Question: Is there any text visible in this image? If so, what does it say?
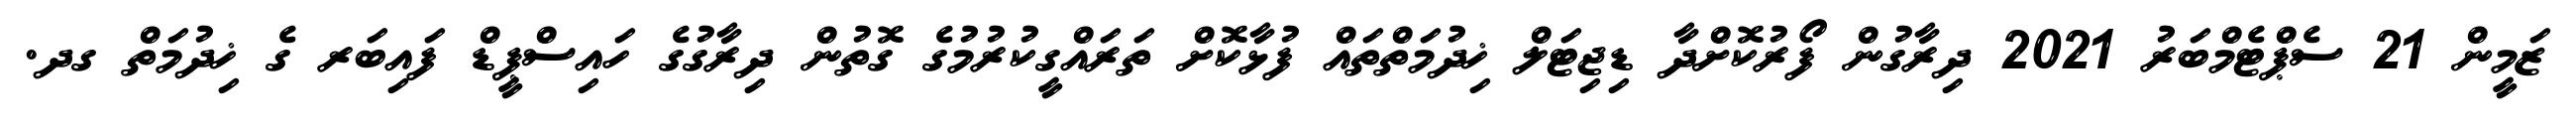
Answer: ޒަމީން 21 ސެޕްޓެމްބަރު 2021 ދިރާގުން ފޯރުކޮށްދާ ޑިޖިޓަލް ޚިދުމަތްތައް ފުޅާކޮށް ތަރައްގީކުރުމުގެ ގޮތުން ދިރާގުގެ ހައިސްޕީޑް ފައިބަރ ގެ ޚިދުމަތް ގދ.
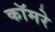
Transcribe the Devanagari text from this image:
कॉमरे
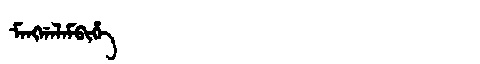
Manchu: ᠮᠠᠩᡤᠠᠯᠠᠮᠪᡳᡥᡝ
Romanization: MANGGALAMBIHE
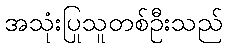
အသုံးပြုသူတစ်ဦးသည်
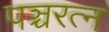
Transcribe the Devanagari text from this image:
पञ्चरत्न
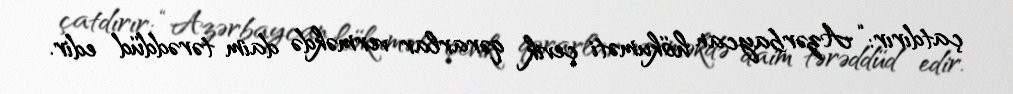
çatdırır: “Azərbaycan hökuməti çevik qərarlar verməkdə daim tərəddüd edir.
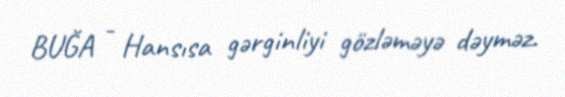
BUĞA - Hansısa gərginliyi gözləməyə dəyməz.
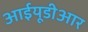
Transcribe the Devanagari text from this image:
आईयूडीआर
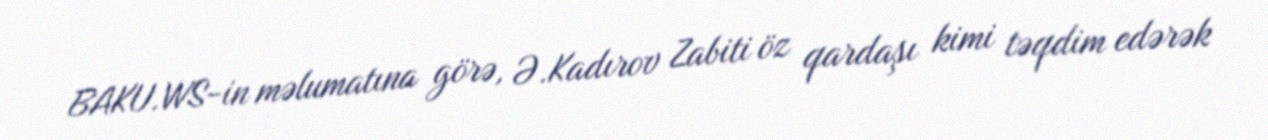
BAKU.WS-in məlumatına görə, Ə.Kadırov Zabiti öz qardaşı kimi təqdim edərək
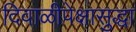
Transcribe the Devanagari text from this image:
दिवाळीपेक्षासुद्धा
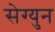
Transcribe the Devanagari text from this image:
सेग्युन
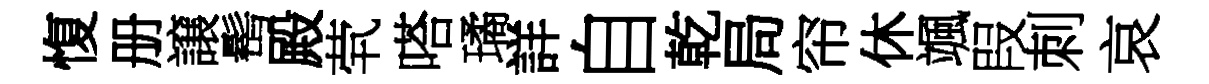
愎册譲髩殿茕嗒璚詳自乾局帘休颯叚刺哀
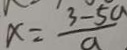
x = \frac { 3 - 5 a } { a }
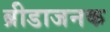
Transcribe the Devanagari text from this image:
ब्रीडाजनक
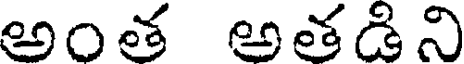
అంత అతడిని
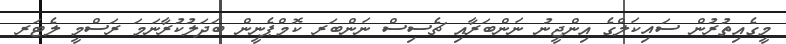
މީގެއިތުރުން ސައިކަލްގެ އިންޖީނު ނަންބަރާއި ޗެސިސް ނަންބަރ ކޮމްޕެނީން ބަދަލުކުރާނަމަ ރަސްމީ ލެޓަރ
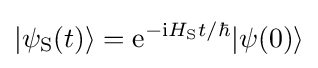
|\psi _{\text{S}}(t)\rangle =\mathrm {e} ^{-\mathrm {i} H_{\text{S}}t/\hbar }|\psi (0)\rangle
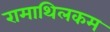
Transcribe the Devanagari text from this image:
रामाथिलकम
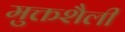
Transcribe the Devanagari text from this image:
मुक्तशैली
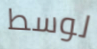
لوسط
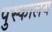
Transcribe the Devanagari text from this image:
पुस्‍कालय
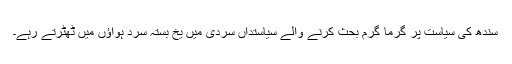
سندھ کی سیاست پر گرما گرم بحث کرنے والے سیاستداں سردی میں یخ بستہ سرد ہواؤں میں ٹھٹرتے رہے۔
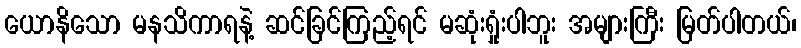
ယောနိသော မနသိကာရနဲ့ ဆင်ခြင်ကြည့်ရင် မဆုံးရှုံးပါဘူး အများကြီး မြတ်ပါတယ်၊
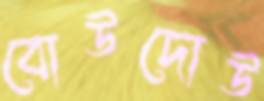
বোউদোউ
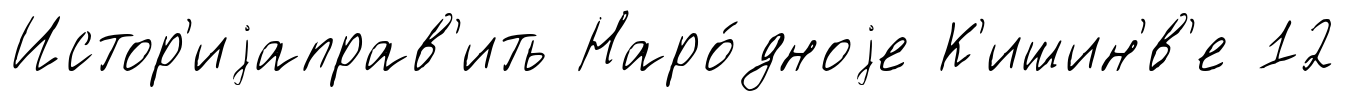
Истор'иjаправ'ить Наро́дноjе К'ишин'́в'е 12
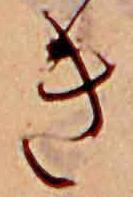
き
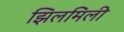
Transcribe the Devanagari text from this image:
झिलमिली
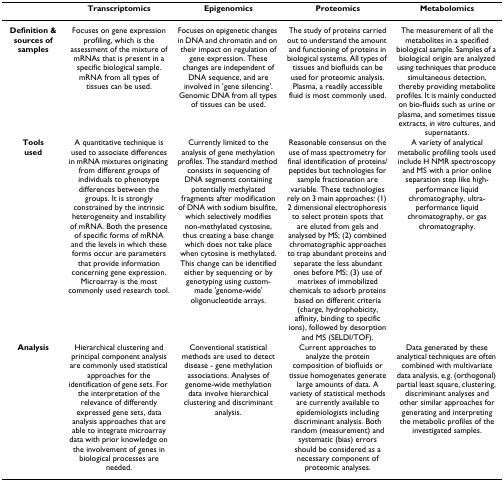
|  | Transcriptomics | Epigenomics | Proteomics | Metabolomics |
 | --- | --- | --- | --- | --- |
 | Definition & sources of samples | Focuses on gene expression profiling, which is the assessment of the mixture of mRNAs that is present in a specific biological sample. mRNA from all types of tissues can be used. | Focuses on epigenetic changes in DNA and chromatin and on their impact on regulation of gene expression. These changes are independent of DNA sequence, and are involved in 'gene silencing'. Genomic DNA from all types of tissues can be used. | The study of proteins carried out to understand the amount and functioning of proteins in biological systems. All types of tissues and biofluids can be used for proteomic analysis. Plasma, a readily accessible fluid is most commonly used. | The measurement of all the metabolites in a specified biological sample. Samples of a biological origin are analyzed using techniques that produce simultaneous detection, thereby providing metabolite profiles. It is mainly conducted on bio-fluids such as urine or plasma, and sometimes tissue extracts, in vitro cultures, and supernatants. |
 | Toolsused | A quantitative technique is used to associate differences in mRNA mixtures originating from different groups of individuals to phenotype differences between the groups. It is strongly constrained by the intrinsic heterogeneity and instability of mRNA. Both the presence of specific forms of mRNA and the levels in which these forms occur are parameters that provide information concerning gene expression. Microarray is the most commonly used research tool. | Currently limited to the analysis of gene methylation profiles. The standard method consists in sequencing of DNA segments containing potentially methylated fragments after modification of DNA with sodium bisulfite, which selectively modifies non-methylated cystosine, thus creating a base change which does not take place when cytosine is methylated. This change can be identified either by sequencing or by genotyping using custom-made 'genome-wide' oligonucleotide arrays. | Reasonable consensus on the use of mass spectrometry for final identification of proteins/peptides but technologies for sample fractionation are variable. These technologies rely on 3 main approaches: (1) 2 dimensional electrophoresis to select protein spots that are eluted from gels and analysed by MS; (2) combined chromatographic approaches to trap abundant proteins and separate the less abundant ones before MS; (3) use of matrixes of immobilized chemicals to adsorb proteins based on different criteria (charge, hydrophobicity, affinity, binding to specific ions), followed by desorption and MS (SELDI/TOF). | A variety of analytical metabolic profiling tools used include H NMR spectroscopy and MS with a prior online separation step like high-performance liquid chromatography, ultra-performance liquid chromatography, or gas chromatography. |
 | Analysis | Hierarchical clustering and principal component analysis are commonly used statistical approaches for the identification of gene sets. For the interpretation of the relevance of differently expressed gene sets, data analysis approaches that are able to integrate microarray data with prior knowledge on the involvement of genes in biological processes are needed. | Conventional statistical methods are used to detect disease - gene methylation associations. Analyses of genome-wide methylation data involve hierarchical clustering and discriminant analysis. | Current approaches to analyze the protein composition of biofluids or tissue homogenates generate large amounts of data. A variety of statistical methods are currently available to epidemiologists including discriminant analysis. Both random (measurement) and systematic (bias) errors should be considered as a necessary component of proteomic analyses. | Data generated by these analytical techniques are often combined with multivariate data analysis, e.g. (orthogonal) partial least square, clustering, discriminant analyses and other similar approaches for generating and interpreting the metabolic profiles of the investigated samples. |
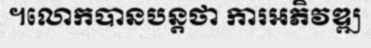
។លោកបានបន្តថា ការអភិវឌ្ឍ
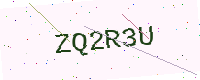
Text: ZQ2R3U
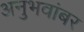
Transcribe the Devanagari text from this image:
अनुभवांबर
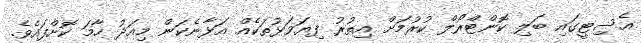
އެސިޓީގައި ބަލި ކޮންޓްރޯލް ކުރުމަށް އިތުރު ފިޔަވަޅުތަކެއް އަޅާނެކަން މިއަދު ހާމަ ކޮށްފައެވެ.
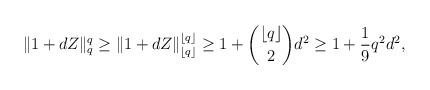
LaTeX: \begin{align*} \|1+dZ\|_{q}^{q} \ge \|1+dZ\|_{\lfloor q \rfloor}^{\lfloor q \rfloor} \geq 1 + \binom{\lfloor q \rfloor}{2} d^2 \ge 1 + \frac{1}{9} q^2 d^2, \end{align*}
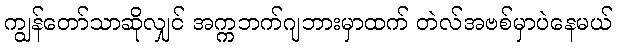
ကျွန်တော်သာဆိုလျှင် အက္ကဘက်ဂျဘားမှာထက် တဲလ်အဗစ်မှာပဲနေမယ်
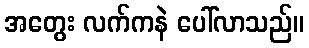
အတွေး လက်ကနဲ ပေါ်လာသည်။
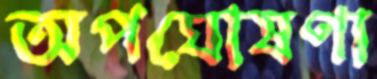
অপঘোষণা
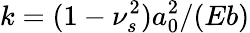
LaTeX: k=(1-\nu_{s}^{2}){a_{0}^{2}}/(Eb)
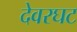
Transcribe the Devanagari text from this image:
देवरघट
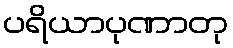
ပရိယာပုဏာတု
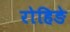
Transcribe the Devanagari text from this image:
रोहिङे
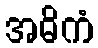
အဓိကံ
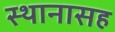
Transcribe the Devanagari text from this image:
स्थानासह
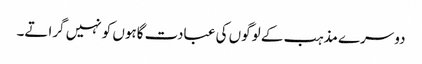
دوسرے مذہب کے لوگوں کی عبادت گاہوں کو نہیں گراتے۔
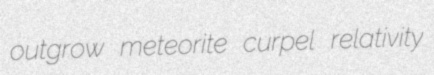
outgrow meteorite curpel relativity
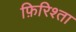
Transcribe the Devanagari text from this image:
फ़िरिश्ता
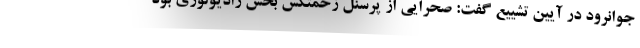
جوانرود در آیین تشییع گفت: صحرایی از پرسنل زحمتکش بخش رادیولوژی بود
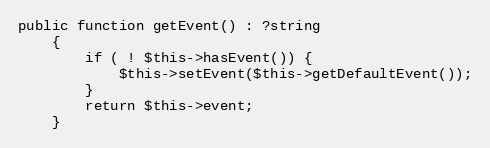
Language: PHP
public function getEvent() : ?string
    {
        if ( ! $this->hasEvent()) {
            $this->setEvent($this->getDefaultEvent());
        }
        return $this->event;
    }
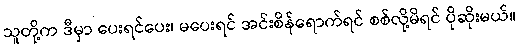
သူတို့က ဒီမှာ ပေးရင်ပေး၊ မပေးရင် အင်းစိန်ရောက်ရင် စစ်လို့မိရင် ပိုဆိုးမယ်။
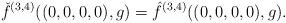
LaTeX: \begin{align*}\check f^{(3,4)}((0,0,0,0),g)=\hat f^{(3,4)}((0,0,0,0) ,g).\end{align*}
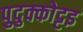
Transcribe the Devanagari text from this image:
पुदुक्कोट्टइ
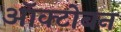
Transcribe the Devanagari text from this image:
ऑक्टोबन
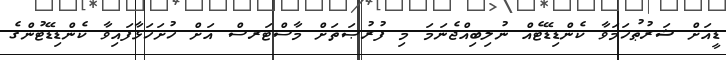
ޑީއަށް ޝަރުޠުހަމަވާ ކެންޑިޑޭޓެއް ނުލިބިއްޖެނަމަ މި ފުރުޞަތަށް މާސްޓަރސް އަށް ހުށަހަޅާފައިވާ ކެންޑިޑޭޓުންގެ
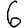
Digit: 6
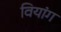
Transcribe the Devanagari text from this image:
वियांग
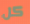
____
▶ **YOUR ASSIGNMENT**
Begin at the first line of the entries and stop after the line holding "Answer: ޒަމީން 21"; repeat those lines exactly, but not the pictures.

▶ **FINISHED EXERCISE**
Question: Is there any text visible in this image? If so, what does it say?
Answer: ޒަމީން 21 ސެޕްޓެމްބަރު 2021 ދިރާގުން ފޯރުކޮށްދާ ޑިޖިޓަލް ޚިދުމަތްތައް ފުޅާކޮށް ތަރައްގީކުރުމުގެ ގޮތުން ދިރާގުގެ ހައިސްޕީޑް ފައިބަރ ގެ ޚިދުމަތް ގދ.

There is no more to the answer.